La population cite aussi la distribution par le Comité international de la Croix-Rouge, il y a deux semaines, de la nourriture et d’autres outils tels que des ustensiles de cuisine, des couvertures des bâches, etc., aux déplacées.


La  journée mondiale de l’aide humanitaire a été instituée par l’Assemblée Générale des Nations Unies en référence à l’attentat, du 19 août 2003, au Siège de l’ONU à Bagdad, en Iraq, qui a causé la mort de 22 membres du personnel de l’organisation. Les célébrations sont faites à travers le monde en date du 19 août.

 

 

Bouar: Les jeunes tentent de réparer les routes à travers la ville

 

Bouar, 20 août 2012 (RJDH) – Les jeunes de la ville de Bouar (ouest) se mobilisent  pour réparer les routent qui relient les différents quartiers. Ces routes sont en état de dégradation avancée à cause de la saison des pluies.

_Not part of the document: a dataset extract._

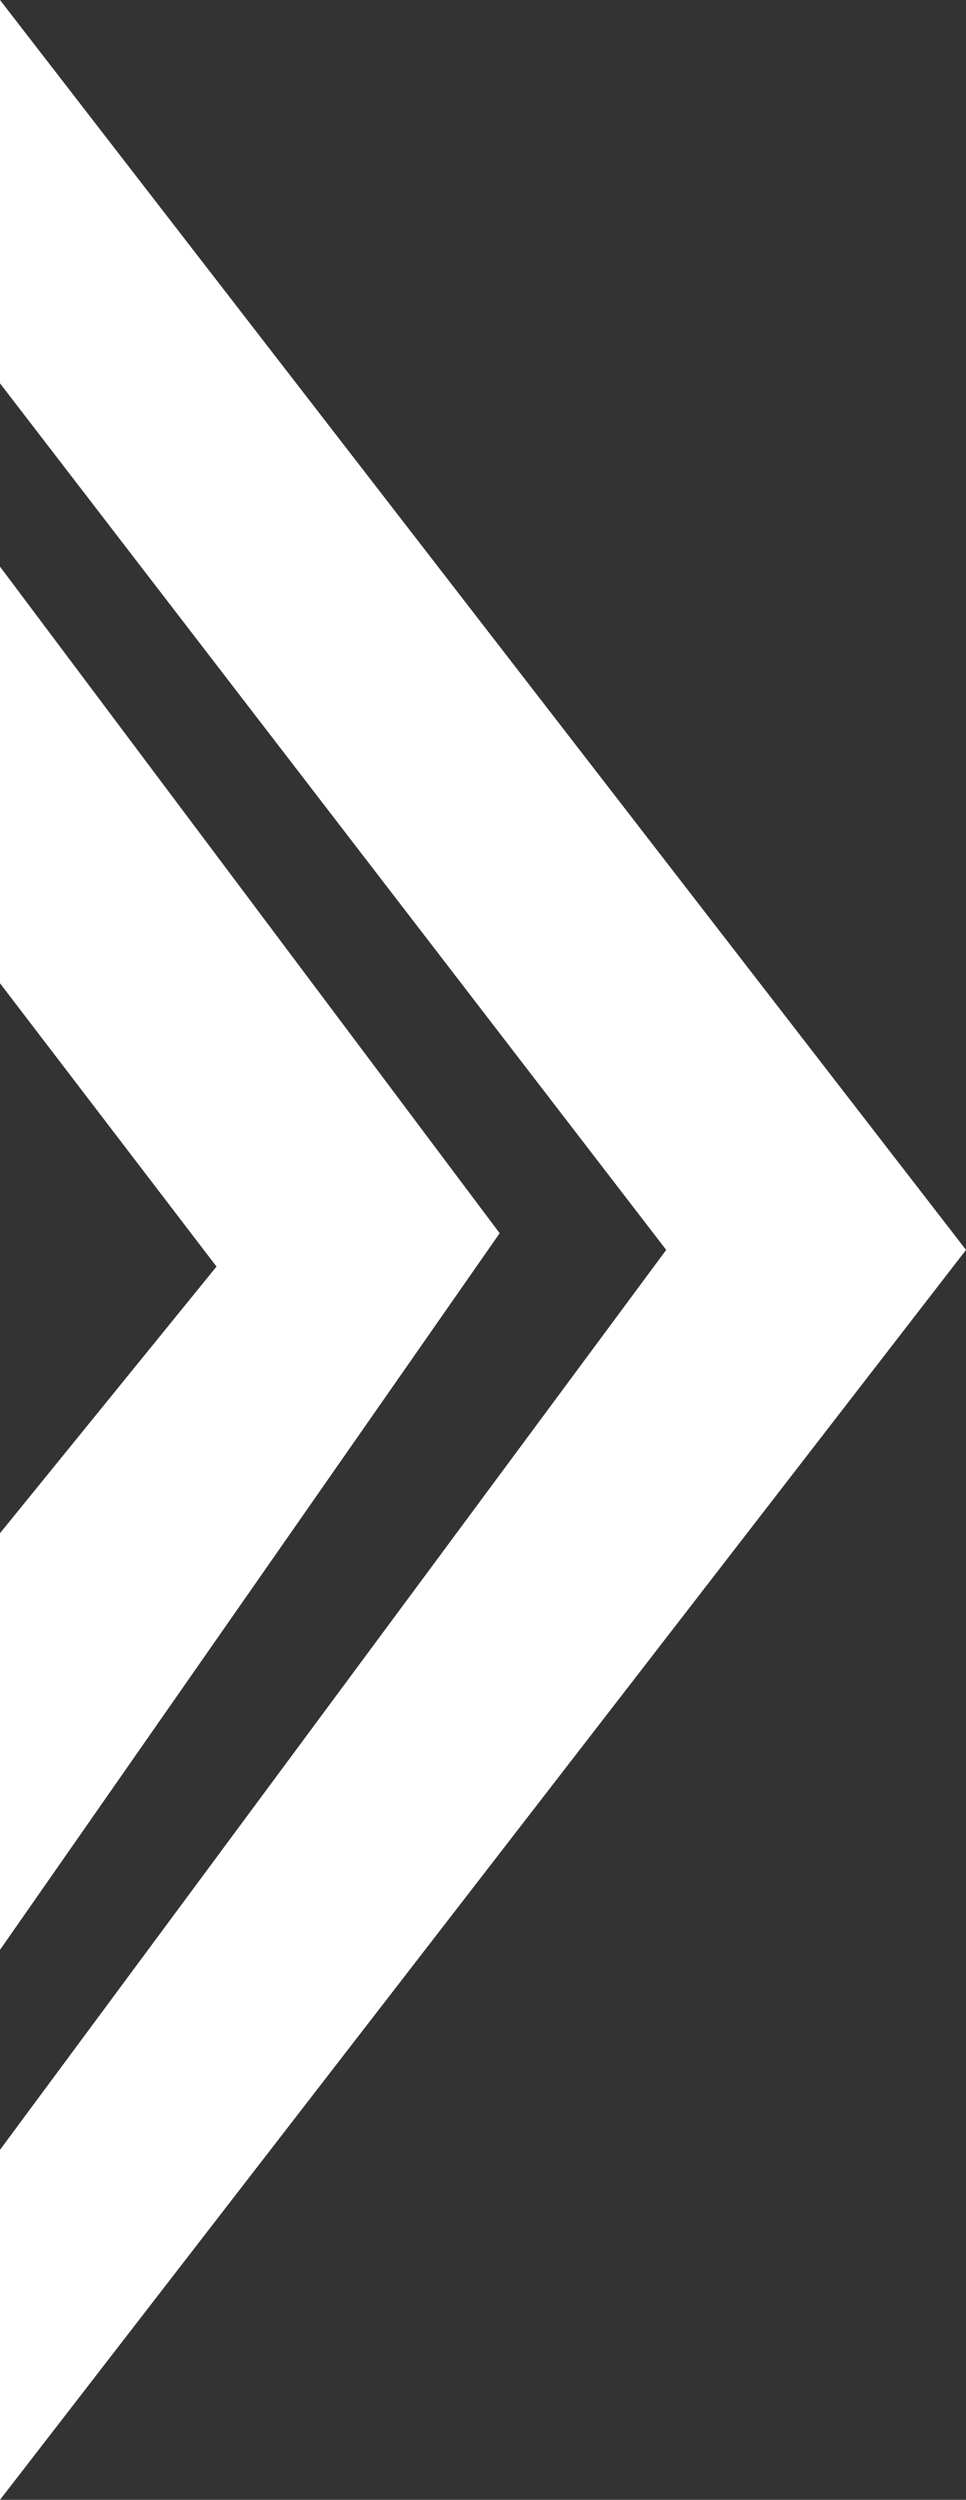 <?xml version="1.0" encoding="UTF-8"?> <svg xmlns="http://www.w3.org/2000/svg" width="29" height="75" viewBox="0 0 29 75" fill="none"><rect x="0" y="0" width="29" height="75" fill="#333333" stroke="none"/> <path d="M0 0V11.5L20 37.5L0 64.5V75L29 37.5L0 0Z" fill="white"></path> <path d="M0 17V29.5L6.5 38L0 46V58.5L15 37L0 17Z" fill="white"></path> </svg>

« Cette dégradation des routes freine la circulation. Nous lançons un appel au ministère des travaux publics, de répondre au besoin de la population, en nous appuyant à réparer les routes »,  a fait savoir Benoit Fodé, un de jeunes initiateurs de cette activité.


Selon lui, l’état des routes est plus dégradant que pendant la saison sèche. « C’est pourquoi nous sommes obligés de remplir les trous qui se trouvent  sur les différentes  voies afin de faciliter la circulation ».


Le pont qui relie le marché central   au quartier  Stotk, est inondé par les eaux du cours d’eau  de Gouma. Le passage est difficile sur cet axe pour les conducteurs de motos et des  véhicules, voire  les piétons.

 

 

 

Ndélé : La mairie lance une campagne d’assainissement de la ville

 

Ndélé, 20 août 2012 (RJDH) – Les autorités locales entendent mener une campagne de sensibilisation contre l’insalubrité dans la ville de Ndélé (nord-est). L’annonce a été faite au cours d’une réunion qui a eu lieu le  dimanche 19 août.


Le premier Adjoint au Maire de la commune de Dar-El Kouty, Mahamat Ngano, a indiqué qu’« une mission est confiée aux différents chefs de quartiers qui doivent informer la population sur le nettoyage de leur concession, avant le 25 août, sous peine de sanction».


«Les chefs de quartiers et de villages seront  interpellés au cas où le nettoyage n’est pas fait par leurs  populations », a précisé   Mahamat Ngano.


A l’issue de la réunion, le sous-préfet de la ville de Ndélé, Emmanuel Yabana, a fait savoir qu’une  délégation mixte  constituée des forces de l’ordre et de la police municipale sera mise en place pour suivre l’application de cette décision.